Approaching the Bank for your Startup Funding
Carl Reader, author of The Start Up Coach, co-owner of dennisandturnbull.com and co-founder of yourbeargroup.com
Despite the generally gloomy news that the media circulate, all high street banks are willing to lend money to start ups. In fact, it’s easy to forget that lending money is one of the reasons that they are in business!
Even though there is money to lend, and a variety of government and bank led initiatives (such as Funding for Lending, Enterprise Finance Guarantee Scheme, and various industry funds), it’s important to approach the bank in a professional and knowledgeable fashion. Make sure that you fully understand the detail of your business plan, and can answer any questions confidently and consistently.
As a rule of thumb at the time of publishing, banks will typically meet 50% of the funding requirement for a general start up, and some banks in the franchising sector will extend to 70% for a recognised, established franchise. There are usually arrangement fees in addition to interest, and you must also consider any covenants (restrictions and/or requirements) that might be placed on you whilst the facility is in place.
Now, probably the most nerve-wracking part of the whole process of starting a business is pitching the business to funders – in part due to television programmes such as “Dragon’s Den”, where the would-be investors are portrayed as, well, dragons. In reality, although you must expect your ideas to come under scrutiny, and be both prepared and willing to say what needs to be said, the actual meetings with bank managers or funding organisations will be more relaxed, without the formal pitches, and will be a two way process.
There are however some ground rules that you must be aware of. Firstly, it is vital that you know your business, and your business plan, absolutely inside out. Be confident, show your passion. They will expect you to have a grasp on the financials of the business, and to understand exactly what makes money and what the potential warning signs are. You should have your finger firmly on your business’s pulse here anyway, but make sure you are fully prepared for whatever they might reasonably want to know. Answer clearly and confidently – don’t waffle.
They will also expect transparency and honesty from you. If there is a major weakness in your business, for example a strong competitor or a technological advance that you are not prepared for, you should be honest about this, and explain how you would look to overcome this weakness. Being upfront and honest about any challenges you may face shows that you and your business are prepared and realistic, and that your plan is carefully considered.
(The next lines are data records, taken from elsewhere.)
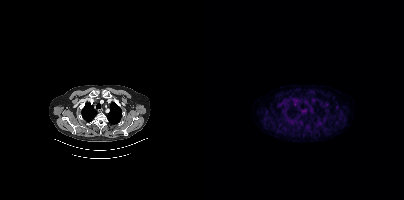
No tumor lesions annotated on this slice.
modality: PSMA PET/CT | tracer: 18F | view: axial | PET grid: 200×200
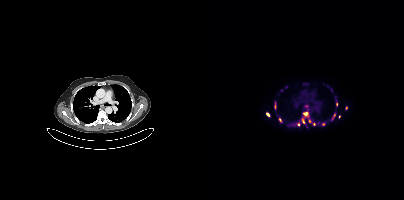
{"modality":"PSMA PET/CT","view":"axial","tracer":"[18F]PSMA-1007","pet_grid":[200,200],"coord_frame":"pet_panel","coord_format":"x0,y0,x1,y1","partial":true,"lesion_bboxes":[[99,112,104,115],[98,119,101,124],[132,101,134,106],[128,113,131,119],[75,118,77,122]],"small_foci_centers":[[101,106],[142,107],[63,114],[119,124],[106,120],[135,116],[94,124]]}
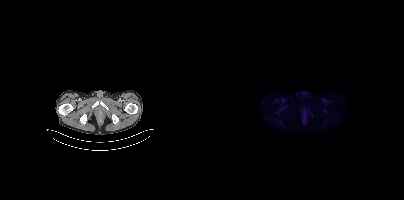
No PSMA-avid tumor lesions on this slice. Left: CT. Right: PSMA PET, same axial level, 18F tracer. PET panel 200×200 px (4.1 mm/px).
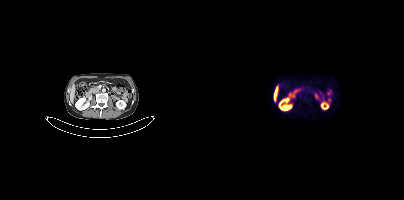
This slice has no annotated PSMA-avid lesion. Left: CT. Right: PSMA PET, same axial level, [18F]PSMA-1007 tracer.
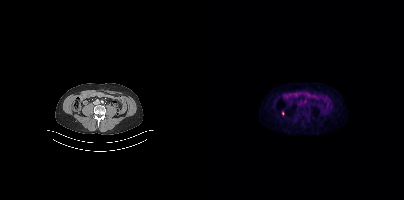
Coordinates are on the 200×200 PET (right) panel. Small PSMA-avid focus (2 to 4 px across) near (center x, center y): (78, 113).
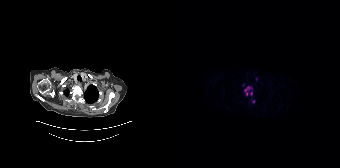
Coordinates are on the 168×168 PET (right) panel. PSMA-avid tumor lesion bounding boxes (partial; 1 more focus not listed):
| # | x0 | y0 | x1 | y1 |
|---|---|---|---|---|
| 1 | 72 | 86 | 80 | 96 |
Small PSMA-avid foci (2 to 4 px across) near (center x, center y): (81, 101); (84, 79).
Left: CT. Right: PSMA PET, same axial level, [18F]PSMA-1007 tracer. Slice 139 of 165.
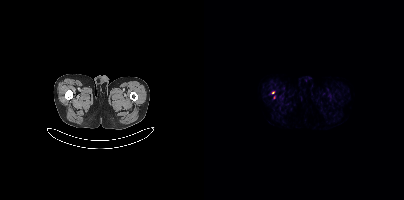
Left: CT. Right: PSMA PET, same axial level, 18F-PSMA tracer. PET panel 200×200 px (4.1 mm/px). Coordinates are on the 200×200 PET (right) panel. Small PSMA-avid focus (2 to 4 px across) near (center x, center y): (68, 92).
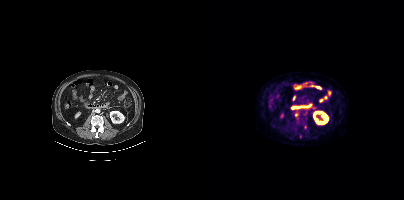
- Two-panel axial: CT | PSMA PET, 18F tracer
- slice 198 of 448
Findings: Coordinates are on the 200×200 PET (right) panel. (showing 2 of 3 foci) Small PSMA-avid foci (2 to 4 px across) near (center x, center y): (92, 114); (96, 136).
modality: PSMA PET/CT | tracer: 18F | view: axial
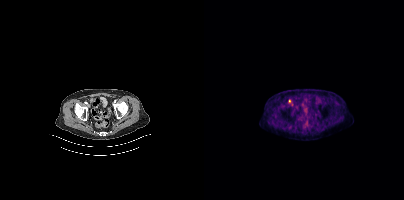
Coordinates are on the 200×200 PET (right) panel. Small PSMA-avid focus (2 to 4 px across) near (center x, center y): (85, 101).
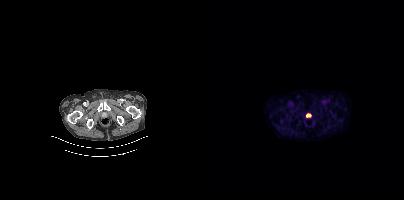
Findings: Coordinates are on the 200×200 PET (right) panel. PSMA-avid tumor lesion bounding box (x0,y0,x1,y1): [102,114,106,117].
Technique: Left: CT. Right: PSMA PET, same axial level, 18F-PSMA tracer. slice position z = -1472 mm.
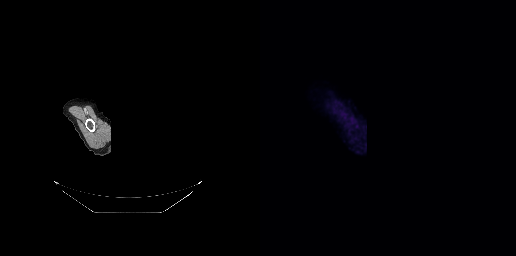
Technique: Two-panel axial: CT | PSMA PET, 18F-PSMA tracer.
Note: Facial anatomy redacted by setting a rectangular region of the head to black.
Findings: No PSMA-avid tumor lesions on this slice.
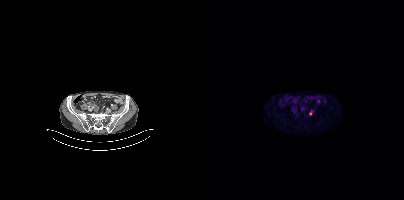
Coordinates are on the 200×200 PET (right) panel. PSMA-avid tumor lesion bounding box (x0,y0,x1,y1): [105,111,108,115].
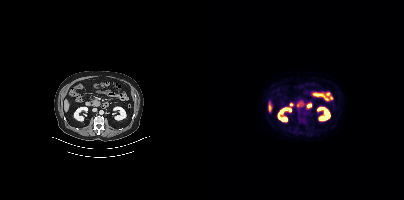
Technique: Two-panel axial: CT | PSMA PET, 18F tracer. PET panel 200×200 px (4.1 mm/px).
Findings: Negative for PSMA-avid disease on this slice.
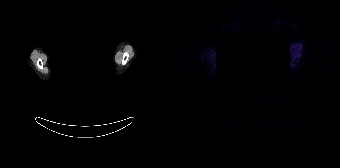
Negative for PSMA-avid disease on this slice.
de-identification: privacy mask over head | modality: PSMA PET/CT | tracer: 68Ga-PSMA | view: axial
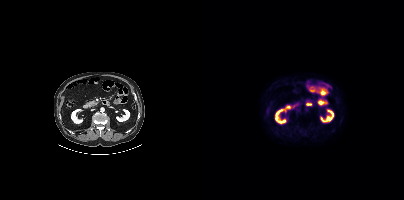
Two-panel axial: CT | PSMA PET, 18F-PSMA tracer. Acquired on Siemens Biograph mCT Flow 20. No tumor lesions annotated on this slice.
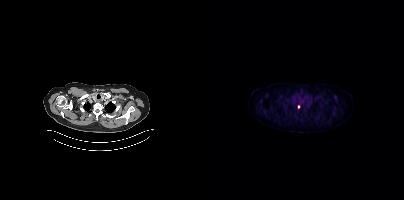
modality: PSMA PET/CT | tracer: [18F]PSMA-1007 | view: axial | PET grid: 200×200
Coordinates are on the 200×200 PET (right) panel. Small PSMA-avid focus (2 to 4 px across) near (center x, center y): (94, 106).
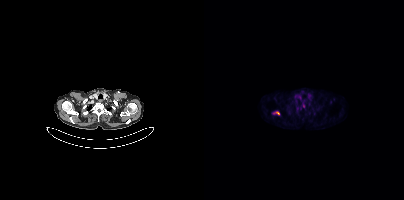
Left: CT. Right: PSMA PET, same axial level, [18F]PSMA-1007 tracer.
Coordinates are on the 200×200 PET (right) panel. PSMA-avid tumor lesion bounding boxes:
| # | x0 | y0 | x1 | y1 |
|---|---|---|---|---|
| 1 | 69 | 111 | 75 | 114 |
Small PSMA-avid focus (2 to 4 px across) near (center x, center y): (99, 105).
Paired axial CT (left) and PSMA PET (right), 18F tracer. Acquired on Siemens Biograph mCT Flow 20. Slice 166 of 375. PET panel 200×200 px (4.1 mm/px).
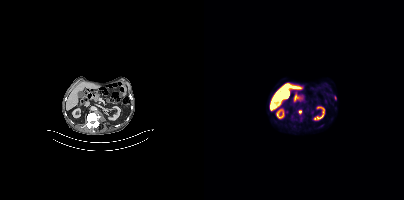
Coordinates are on the 200×200 PET (right) panel. Small PSMA-avid foci (2 to 4 px across) near (center x, center y): (96, 111) | (131, 97).
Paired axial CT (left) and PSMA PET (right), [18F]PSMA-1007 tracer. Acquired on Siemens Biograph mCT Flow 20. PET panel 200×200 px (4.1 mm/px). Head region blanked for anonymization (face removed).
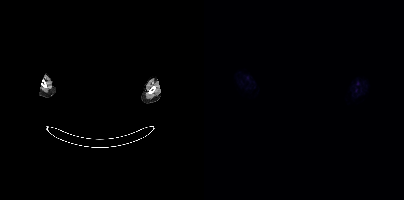
Negative for PSMA-avid disease on this slice.
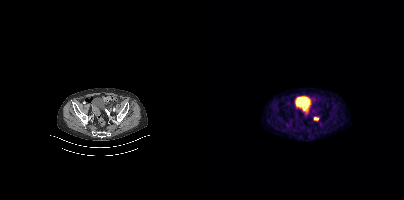
Two-panel axial: CT | PSMA PET, [68Ga]Ga-PSMA-11 tracer. Acquired on Siemens Biograph mCT Flow 20. Slice 93 of 405. Coordinates are on the 200×200 PET (right) panel. PSMA-avid tumor lesion bounding box (x0, y0)-(x1, y1): (110, 117)-(114, 120).
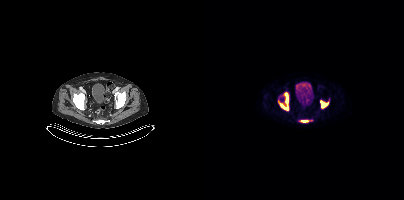
{"modality":"PSMA PET/CT","view":"axial","tracer":"18F","pet_grid":[200,200],"coord_frame":"pet_panel","coord_format":"x0,y0,x1,y1","lesion_bboxes":[[74,92,84,110],[116,100,124,108],[97,120,104,122]]}
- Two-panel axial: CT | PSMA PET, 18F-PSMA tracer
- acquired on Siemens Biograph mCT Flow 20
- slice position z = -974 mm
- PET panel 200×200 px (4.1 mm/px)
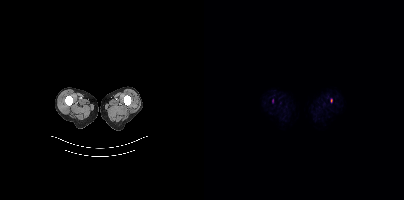
Findings: Coordinates are on the 200×200 PET (right) panel. (showing 1 of 2 foci) Small PSMA-avid focus (2 to 4 px across) near (center x, center y): (127, 100).
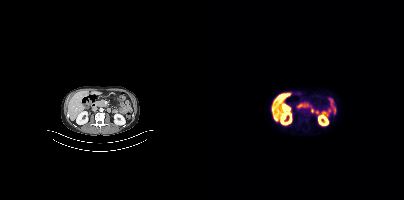
Paired axial CT (left) and PSMA PET (right), 18F tracer. PET panel 200×200 px (4.1 mm/px). Negative for PSMA-avid disease on this slice.
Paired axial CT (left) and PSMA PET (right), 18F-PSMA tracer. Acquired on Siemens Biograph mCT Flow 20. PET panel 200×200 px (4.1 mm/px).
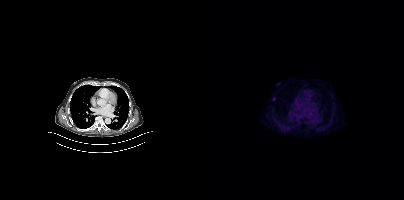
Coordinates are on the 200×200 PET (right) panel. Small PSMA-avid focus (2 to 4 px across) near (center x, center y): (70, 99).
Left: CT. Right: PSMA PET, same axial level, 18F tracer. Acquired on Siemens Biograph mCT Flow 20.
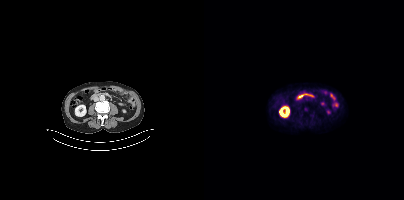
No PSMA-avid tumor lesions on this slice.
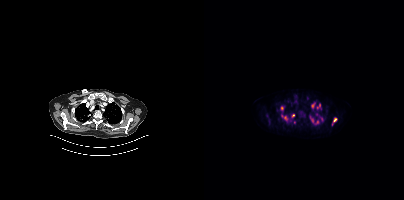
Coordinates are on the 200×200 PET (right) panel. (showing 9 of 12 foci) PSMA-avid tumor lesion bounding boxes (x0, y0)-(x1, y1): (112, 103)-(117, 109); (86, 114)-(90, 121); (107, 103)-(111, 107). Small PSMA-avid foci (2 to 4 px across) near (center x, center y): (81, 118); (130, 119); (78, 108); (108, 120); (113, 122); (90, 122).
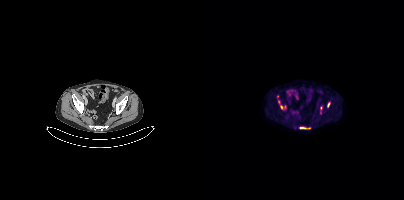
Paired axial CT (left) and PSMA PET (right), [18F]PSMA-1007 tracer. Slice 102 of 415. Coordinates are on the 200×200 PET (right) panel. (showing 7 of 8 foci) PSMA-avid tumor lesion bounding boxes (x0, y0)-(x1, y1): (123, 102)-(126, 107); (96, 127)-(106, 128); (76, 105)-(79, 109); (116, 106)-(118, 110). Small PSMA-avid foci (2 to 4 px across) near (center x, center y): (75, 101); (73, 96); (116, 112).
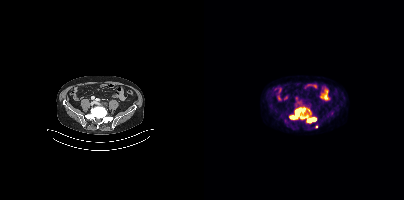
Paired axial CT (left) and PSMA PET (right), 18F tracer. Acquired on Siemens Biograph mCT Flow 20. Slice 132 of 429.
Coordinates are on the 200×200 PET (right) panel. PSMA-avid tumor lesion bounding boxes:
| # | x0 | y0 | x1 | y1 |
|---|---|---|---|---|
| 1 | 86 | 107 | 113 | 123 |
Small PSMA-avid foci (2 to 4 px across) near (center x, center y): (112, 126); (104, 110).
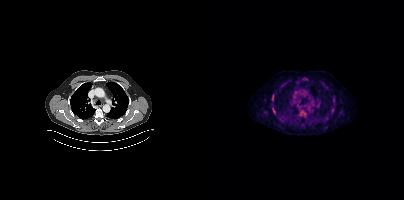
Paired axial CT (left) and PSMA PET (right), 18F tracer. Slice position z = 1646 mm.
Coordinates are on the 200×200 PET (right) panel. PSMA-avid tumor lesion bounding boxes (partial; 1 more focus not listed):
| # | x0 | y0 | x1 | y1 |
|---|---|---|---|---|
| 1 | 97 | 112 | 101 | 116 |
| 2 | 68 | 108 | 71 | 112 |
Small PSMA-avid focus (2 to 4 px across) near (center x, center y): (68, 98).
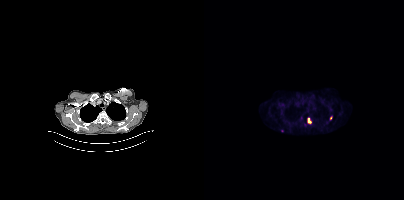
Coordinates are on the 200×200 PET (right) panel. PSMA-avid tumor lesion bounding boxes (x, y, width, height): x=104 y=118 w=4 h=6 | x=126 y=116 w=3 h=5. Small PSMA-avid foci (2 to 4 px across) near (center x, center y): (97, 117) | (100, 124) | (77, 130). Two-panel axial: CT | PSMA PET, 18F-PSMA tracer. Acquired on Siemens Biograph mCT Flow 20. Slice 317 of 405.
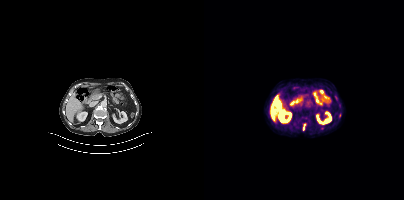
modality: PSMA PET/CT | tracer: [18F]PSMA-1007 | view: axial
Coordinates are on the 200×200 PET (right) panel. PSMA-avid tumor lesion bounding box (x0, y0)-(x1, y1): (99, 123)-(101, 130).
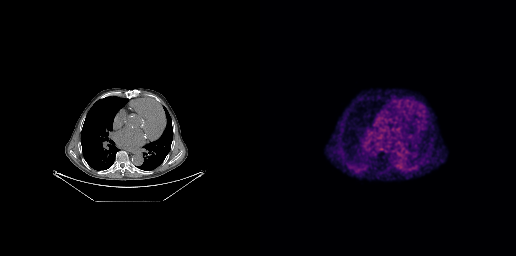
- Paired axial CT (left) and PSMA PET (right), 68Ga tracer
- PET panel 256×256 px (2.7 mm/px)
Findings: No tumor lesions annotated on this slice.
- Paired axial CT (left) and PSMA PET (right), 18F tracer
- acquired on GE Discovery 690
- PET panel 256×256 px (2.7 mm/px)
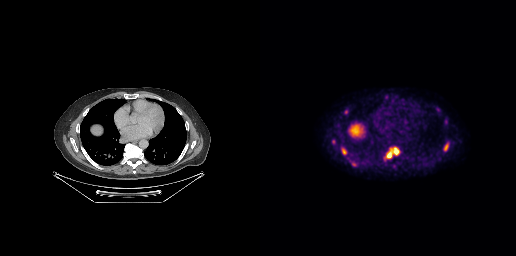
Findings: Coordinates are on the 256×256 PET (right) panel. PSMA-avid tumor lesion bounding boxes (x0, y0)-(x1, y1): (126, 147)-(139, 158); (183, 142)-(188, 151); (82, 148)-(86, 154). Small PSMA-avid foci (2 to 4 px across) near (center x, center y): (177, 109); (85, 111); (93, 164); (73, 141).

Since the credit crunch, there have been changes in how the banks are set up, and how they motivate their teams. There are also more modern banks which purport to have local decision making authority, and are aimed to help small businesses. In general however, you would expect the following process:
- You would meet with a local bank manager, the level of the banker will depend on the plans of the business (Banks are often divided into small business, commercial, and corporate levels, and the managers in each level are specialists in businesses of that size).
- Once the plan is prepared and the pitch made, the bank manager will review the plan, suggest amendments and make a proposal to the underwriter, together with a case highlighting their support of the plan.
- The underwriter will reply with a decision.
Whatever your business, it is likely you will need investment. Making sure you are prepared, professional and realistic can only go in your favour.